Copy out all lines from the entries below in which "between" occurs.

DATA IN THIS EXERCISE
┄┄┄┄┄┄┄┄┄┄┄┄┄┄┄┄┄┄┄┄

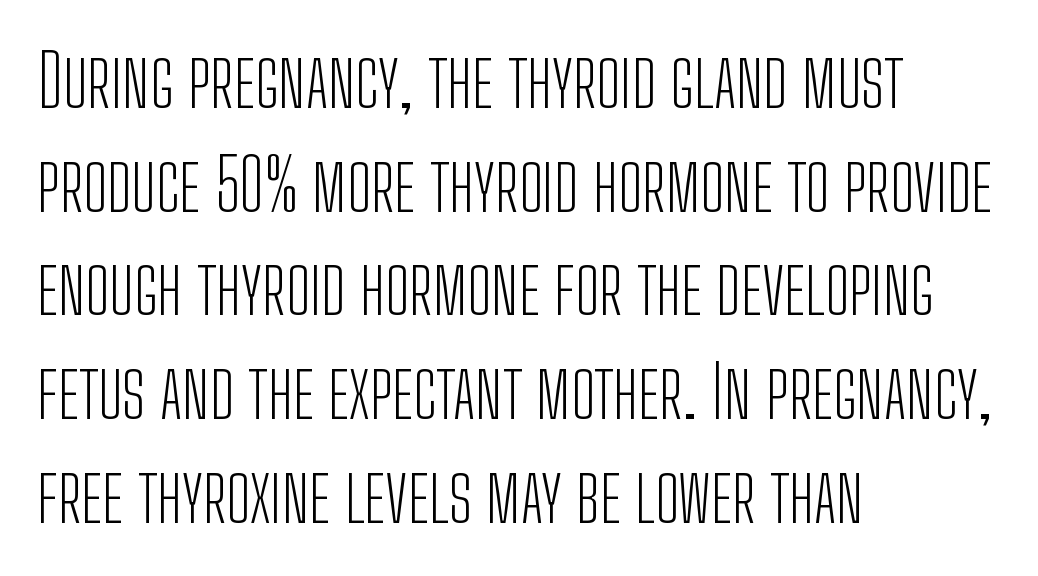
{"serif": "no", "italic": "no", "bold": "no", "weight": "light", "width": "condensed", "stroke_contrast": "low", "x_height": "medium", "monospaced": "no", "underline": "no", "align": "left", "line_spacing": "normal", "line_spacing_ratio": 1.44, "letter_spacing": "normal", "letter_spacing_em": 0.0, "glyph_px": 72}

┄┄┄┄┄┄┄┄┄┄┄┄┄┄┄┄┄┄┄┄

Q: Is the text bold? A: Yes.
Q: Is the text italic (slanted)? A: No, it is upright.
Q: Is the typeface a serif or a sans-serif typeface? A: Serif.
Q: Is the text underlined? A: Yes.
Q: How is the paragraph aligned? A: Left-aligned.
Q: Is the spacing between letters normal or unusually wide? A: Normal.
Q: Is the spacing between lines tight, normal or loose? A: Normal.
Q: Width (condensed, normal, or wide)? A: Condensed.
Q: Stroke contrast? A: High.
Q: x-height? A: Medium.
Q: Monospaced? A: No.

┄┄┄┄┄┄┄┄┄┄┄┄┄┄┄┄┄┄┄┄

TASK RESULT
Q: Is the spacing between letters normal or unusually wide? A: Normal.
Q: Is the spacing between lines tight, normal or loose? A: Normal.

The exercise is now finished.